By Jim Tortolano/Orange County Tribune
One of Garden Grove’s most successful tax generators may be getting a 40 percent share of what goes into the city treasury from its operations for a 10-year period.
That’s if the city council on Tuesday approves a “restrictive covenant agreement” with the operators of the Great Wolf Lodge, a 603-room waterpark hotel resort on Harbor Boulevard.
What’s proposed is an arrangement in which two-fifths of the “transient occupancy tax” (also known as “bed tax”) paid by visitors to the hotel be shared with the hotel operators to “induce” the hotel operators to invest an estimated $40 million in renovations, including adding new food and beverage dining options, enhanced resort pool and entertainment activities including new “dry attractions,” updated rooms and updated common facilities.
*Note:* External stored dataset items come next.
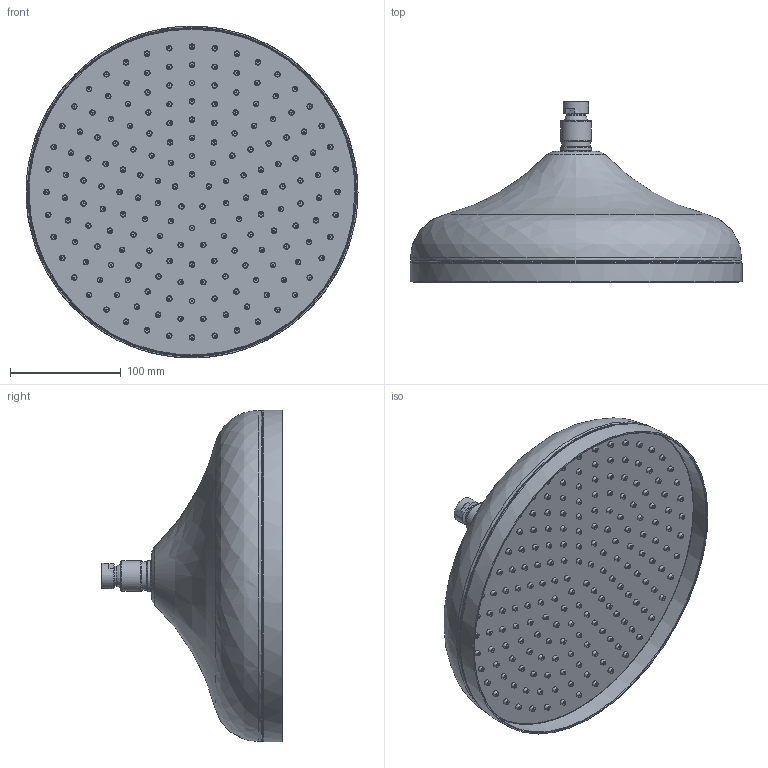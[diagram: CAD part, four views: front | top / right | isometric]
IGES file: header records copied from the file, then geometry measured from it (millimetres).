
Global section: file name: V913-A; native system: Autodesk Inventor 2018; preprocessor: unknown; author: adaniels; date: 20190705.115456; units: millimetre
Bounding box: 300 x 162.8 x 299.95 mm (x, y, z)
Volume: 3705222.7 mm3; surface area: 224706.6 mm2
Topology: 6 solids, 11 shells, 887 faces, 1590 edges, 1077 vertices
Faces by surface type: bspline 887
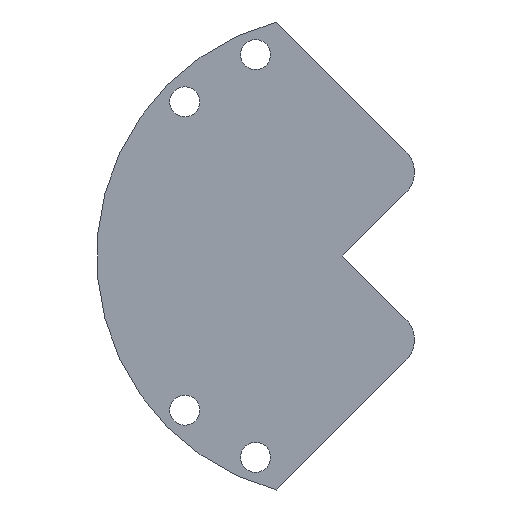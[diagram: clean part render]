
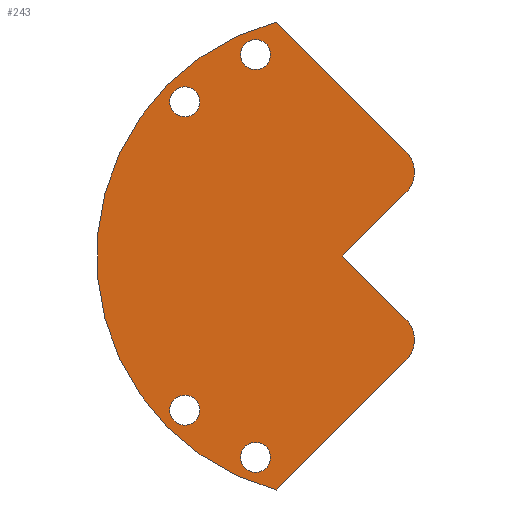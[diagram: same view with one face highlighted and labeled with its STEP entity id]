
A CAD part, front view. The second image highlights one B-rep face of the part: STEP entity #243.
In plain terms, the highlighted planar face has unit normal (0, -1, 0).
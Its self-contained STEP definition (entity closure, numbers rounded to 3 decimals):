
#22=FACE_BOUND('',#44,.T.);
#23=FACE_BOUND('',#45,.T.);
#24=FACE_BOUND('',#46,.T.);
#25=FACE_BOUND('',#47,.T.);
#30=FACE_OUTER_BOUND('',#43,.T.);
#43=EDGE_LOOP('',(#171,#172,#173,#174,#175,#176,#177));
#44=EDGE_LOOP('',(#178));
#45=EDGE_LOOP('',(#179));
#46=EDGE_LOOP('',(#180));
#47=EDGE_LOOP('',(#181));
#64=LINE('',#378,#83);
#65=LINE('',#382,#84);
#66=LINE('',#384,#85);
#67=LINE('',#387,#86);
#83=VECTOR('',#303,10.);
#84=VECTOR('',#306,10.);
#85=VECTOR('',#307,10.);
#86=VECTOR('',#310,10.);
#102=CIRCLE('',#271,25.);
#103=CIRCLE('',#272,3.);
#104=CIRCLE('',#273,3.);
#105=CIRCLE('',#274,1.55);
#106=CIRCLE('',#275,1.55);
#107=CIRCLE('',#276,1.55);
#108=CIRCLE('',#277,1.55);
#116=VERTEX_POINT('',#374);
#117=VERTEX_POINT('',#375);
#118=VERTEX_POINT('',#377);
#119=VERTEX_POINT('',#379);
#120=VERTEX_POINT('',#381);
#121=VERTEX_POINT('',#383);
#122=VERTEX_POINT('',#385);
#123=VERTEX_POINT('',#388);
#124=VERTEX_POINT('',#390);
#125=VERTEX_POINT('',#392);
#126=VERTEX_POINT('',#394);
#138=EDGE_CURVE('',#116,#117,#102,.T.);
#139=EDGE_CURVE('',#117,#118,#64,.T.);
#140=EDGE_CURVE('',#118,#119,#103,.T.);
#141=EDGE_CURVE('',#119,#120,#65,.T.);
#142=EDGE_CURVE('',#120,#121,#66,.T.);
#143=EDGE_CURVE('',#121,#122,#104,.T.);
#144=EDGE_CURVE('',#122,#116,#67,.T.);
#145=EDGE_CURVE('',#123,#123,#105,.T.);
#146=EDGE_CURVE('',#124,#124,#106,.T.);
#147=EDGE_CURVE('',#125,#125,#107,.T.);
#148=EDGE_CURVE('',#126,#126,#108,.T.);
#171=ORIENTED_EDGE('',*,*,#138,.T.);
#172=ORIENTED_EDGE('',*,*,#139,.T.);
#173=ORIENTED_EDGE('',*,*,#140,.T.);
#174=ORIENTED_EDGE('',*,*,#141,.T.);
#175=ORIENTED_EDGE('',*,*,#142,.T.);
#176=ORIENTED_EDGE('',*,*,#143,.T.);
#177=ORIENTED_EDGE('',*,*,#144,.T.);
#178=ORIENTED_EDGE('',*,*,#145,.T.);
#179=ORIENTED_EDGE('',*,*,#146,.T.);
#180=ORIENTED_EDGE('',*,*,#147,.T.);
#181=ORIENTED_EDGE('',*,*,#148,.T.);
#237=PLANE('',#270);
#243=ADVANCED_FACE('',(#30,#22,#23,#24,#25),#237,.F.);
#270=AXIS2_PLACEMENT_3D('',#373,#299,#300);
#271=AXIS2_PLACEMENT_3D('',#376,#301,#302);
#272=AXIS2_PLACEMENT_3D('',#380,#304,#305);
#273=AXIS2_PLACEMENT_3D('',#386,#308,#309);
#274=AXIS2_PLACEMENT_3D('',#389,#311,#312);
#275=AXIS2_PLACEMENT_3D('',#391,#313,#314);
#276=AXIS2_PLACEMENT_3D('',#393,#315,#316);
#277=AXIS2_PLACEMENT_3D('',#395,#317,#318);
#299=DIRECTION('center_axis',(0.,1.,0.));
#300=DIRECTION('ref_axis',(1.,0.,0.));
#301=DIRECTION('center_axis',(0.,-1.,0.));
#302=DIRECTION('ref_axis',(1.,0.,0.));
#303=DIRECTION('',(0.707,0.,0.707));
#304=DIRECTION('center_axis',(0.,-1.,0.));
#305=DIRECTION('ref_axis',(0.707,0.,-0.707));
#306=DIRECTION('',(-0.707,0.,0.707));
#307=DIRECTION('',(0.707,0.,0.707));
#308=DIRECTION('center_axis',(0.,-1.,0.));
#309=DIRECTION('ref_axis',(0.707,0.,-0.707));
#310=DIRECTION('',(-0.707,0.,0.707));
#311=DIRECTION('center_axis',(0.,1.,0.));
#312=DIRECTION('ref_axis',(1.,0.,0.));
#313=DIRECTION('center_axis',(0.,1.,0.));
#314=DIRECTION('ref_axis',(1.,0.,0.));
#315=DIRECTION('center_axis',(0.,1.,0.));
#316=DIRECTION('ref_axis',(1.,0.,0.));
#317=DIRECTION('center_axis',(0.,1.,0.));
#318=DIRECTION('ref_axis',(1.,0.,0.));
#373=CARTESIAN_POINT('Origin',(44.476,0.,0.));
#374=CARTESIAN_POINT('',(82.481,0.,24.148));
#375=CARTESIAN_POINT('',(82.481,0.,-24.148));
#376=CARTESIAN_POINT('Origin',(88.95,0.,0.));
#377=CARTESIAN_POINT('',(95.868,0.,-10.761));
#378=CARTESIAN_POINT('',(79.016,0.,-27.612));
#379=CARTESIAN_POINT('',(95.868,0.,-6.518));
#380=CARTESIAN_POINT('Origin',(93.747,0.,-8.639));
#381=CARTESIAN_POINT('',(89.35,0.,0.));
#382=CARTESIAN_POINT('',(82.451,0.,6.899));
#383=CARTESIAN_POINT('',(95.868,0.,6.518));
#384=CARTESIAN_POINT('',(78.132,0.,-11.219));
#385=CARTESIAN_POINT('',(95.868,0.,10.761));
#386=CARTESIAN_POINT('Origin',(93.747,0.,8.639));
#387=CARTESIAN_POINT('',(82.251,0.,24.378));
#388=CARTESIAN_POINT('',(78.79,0.,-20.787));
#389=CARTESIAN_POINT('Origin',(80.34,0.,-20.787));
#390=CARTESIAN_POINT('',(78.79,0.,20.787));
#391=CARTESIAN_POINT('Origin',(80.34,0.,20.787));
#392=CARTESIAN_POINT('',(71.491,0.,-15.91));
#393=CARTESIAN_POINT('Origin',(73.041,0.,-15.91));
#394=CARTESIAN_POINT('',(71.491,0.,15.91));
#395=CARTESIAN_POINT('Origin',(73.041,0.,15.91));
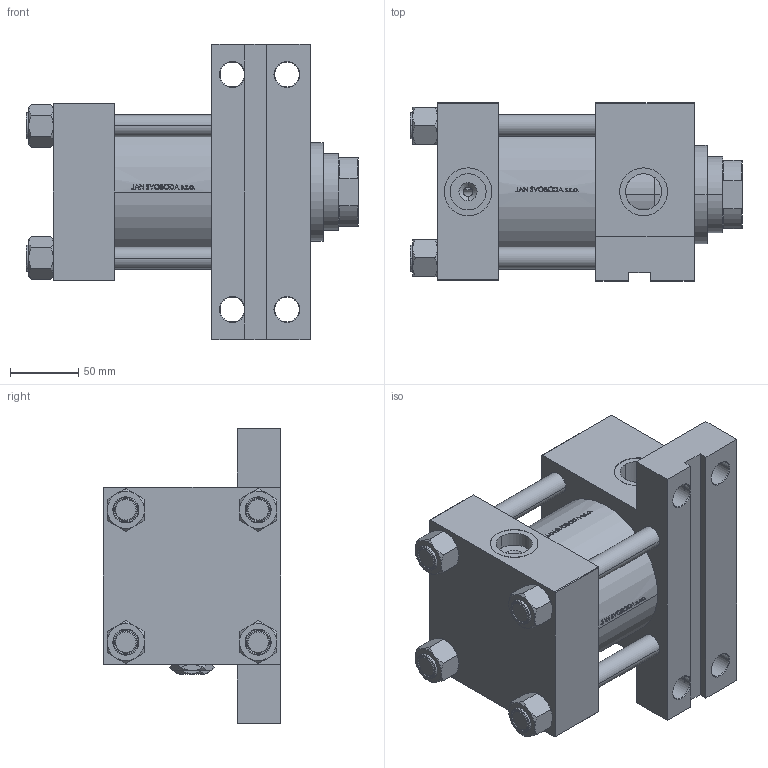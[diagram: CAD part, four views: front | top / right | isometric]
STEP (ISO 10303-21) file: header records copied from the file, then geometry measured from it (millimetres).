
FILE_DESCRIPTION (( 'STEP AP203' ), '1' );
FILE_NAME ('7f51.STEP', '2023-08-26T15:11:42', ( '' ), ( '' ), 'SwSTEP 2.0', 'SolidWorks 2019', '' );
FILE_SCHEMA (( 'CONFIG_CONTROL_DESIGN' ));
Length unit declared in the file: millimetre
Products named in the file (7): 7f51; V215_VC_A 56fc86f428adb7aa22af3998cc888809; V215CR_VCP_F 56fc86f428adb7aa22af3998cc888809; Zatka_pro_OIL_PORT 56fc86f428adb7aa22af3998cc888809; V215CR_F_Body 56fc86f428adb7aa22af3998cc888809; V215CR_F_TYCINKA 56fc86f428adb7aa22af3998cc888809; NUT_M5_F 56fc86f428adb7aa22af3998cc888809
Assembly tree (12 placements, depth 2):
  7f51
    V215CR_F_Body 56fc86f428adb7aa22af3998cc888809
    V215CR_VCP_F 56fc86f428adb7aa22af3998cc888809
    V215CR_F_TYCINKA 56fc86f428adb7aa22af3998cc888809  x4
    NUT_M5_F 56fc86f428adb7aa22af3998cc888809  x4
    V215_VC_A 56fc86f428adb7aa22af3998cc888809
    Zatka_pro_OIL_PORT 56fc86f428adb7aa22af3998cc888809
Bounding box: 243 x 130 x 216 mm (x, y, z)
Volume: 2623836.1 mm3; surface area: 358146.8 mm2
Topology: 12 solids, 12 shells, 1198 faces, 3000 edges, 1943 vertices
Faces by surface type: plane 508, bspline 380, cone 172, cylinder 130, torus 8
Entity records: 49883 total; most frequent: CARTESIAN_POINT 26651, ORIENTED_EDGE 5264, DIRECTION 3380, EDGE_CURVE 2632, VERTEX_POINT 1721, VECTOR 1336, LINE 1336, EDGE_LOOP 1181
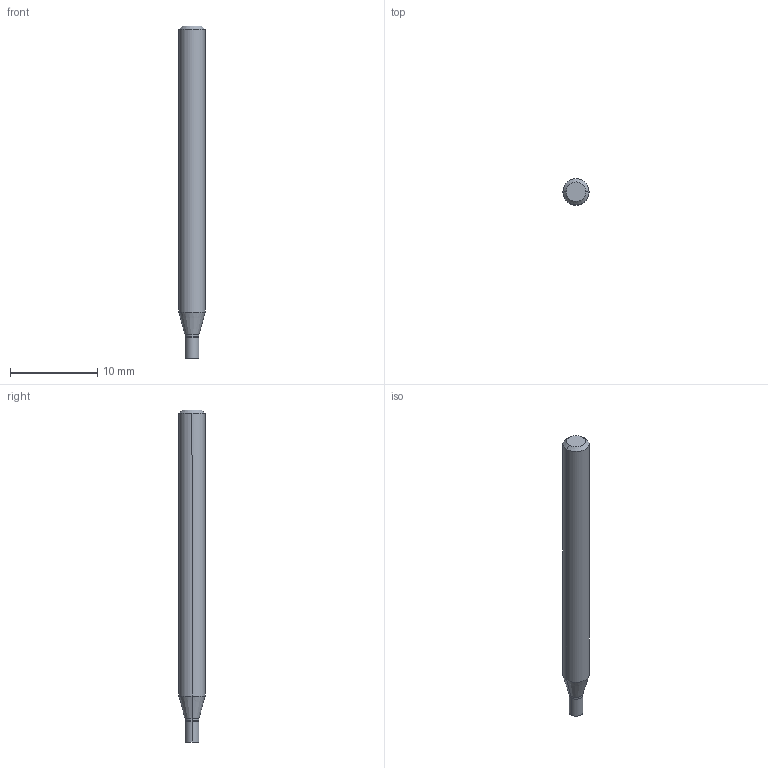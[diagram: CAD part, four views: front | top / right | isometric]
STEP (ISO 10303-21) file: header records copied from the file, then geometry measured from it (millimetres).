
FILE_DESCRIPTION (( 'STEP AP203' ), '1' );
FILE_NAME ('09286.STEP', '2024-03-14T18:20:42', ( '' ), ( '' ), 'SwSTEP 2.0', 'SolidWorks 2023', '' );
FILE_SCHEMA (( 'CONFIG_CONTROL_DESIGN' ));
Length unit declared in the file: inch
Products named in the file (1): 09286
Bounding box: 3 x 3 x 38.1 mm (x, y, z)
Volume: 247.9 mm3; surface area: 353 mm2
Topology: 2 solids, 2 shells, 16 faces, 28 edges, 16 vertices
Faces by surface type: cylinder 6, cone 6, plane 4
Entity records: 461 total; most frequent: DIRECTION 78, CARTESIAN_POINT 61, ORIENTED_EDGE 56, AXIS2_PLACEMENT_3D 33, EDGE_CURVE 28, ADVANCED_FACE 16, VERTEX_POINT 16, FACE_OUTER_BOUND 16

That’s an estimated $27.7 million subsidy over a decade.
The reasoning behind the deal is that Great Wolf needs to “protect its brand” by bringing it up to current standards at other locations in the chain. If not renovated, according to a city report, the resort could lose the Great Wolf brand and thereby be a less independent attractive hotel with a separate water park.
The deal would also prevent the establishment of another Great Wolf Lodge within a 200-mile radius, which would include cities such as San Diego or Bakersfield. Such an agreement is intended to keep the TOT cash flow to the city intact and robust.
The council will meet at 6:30 p.m. in the Community Meeting Center, 1130 Stanford Ave.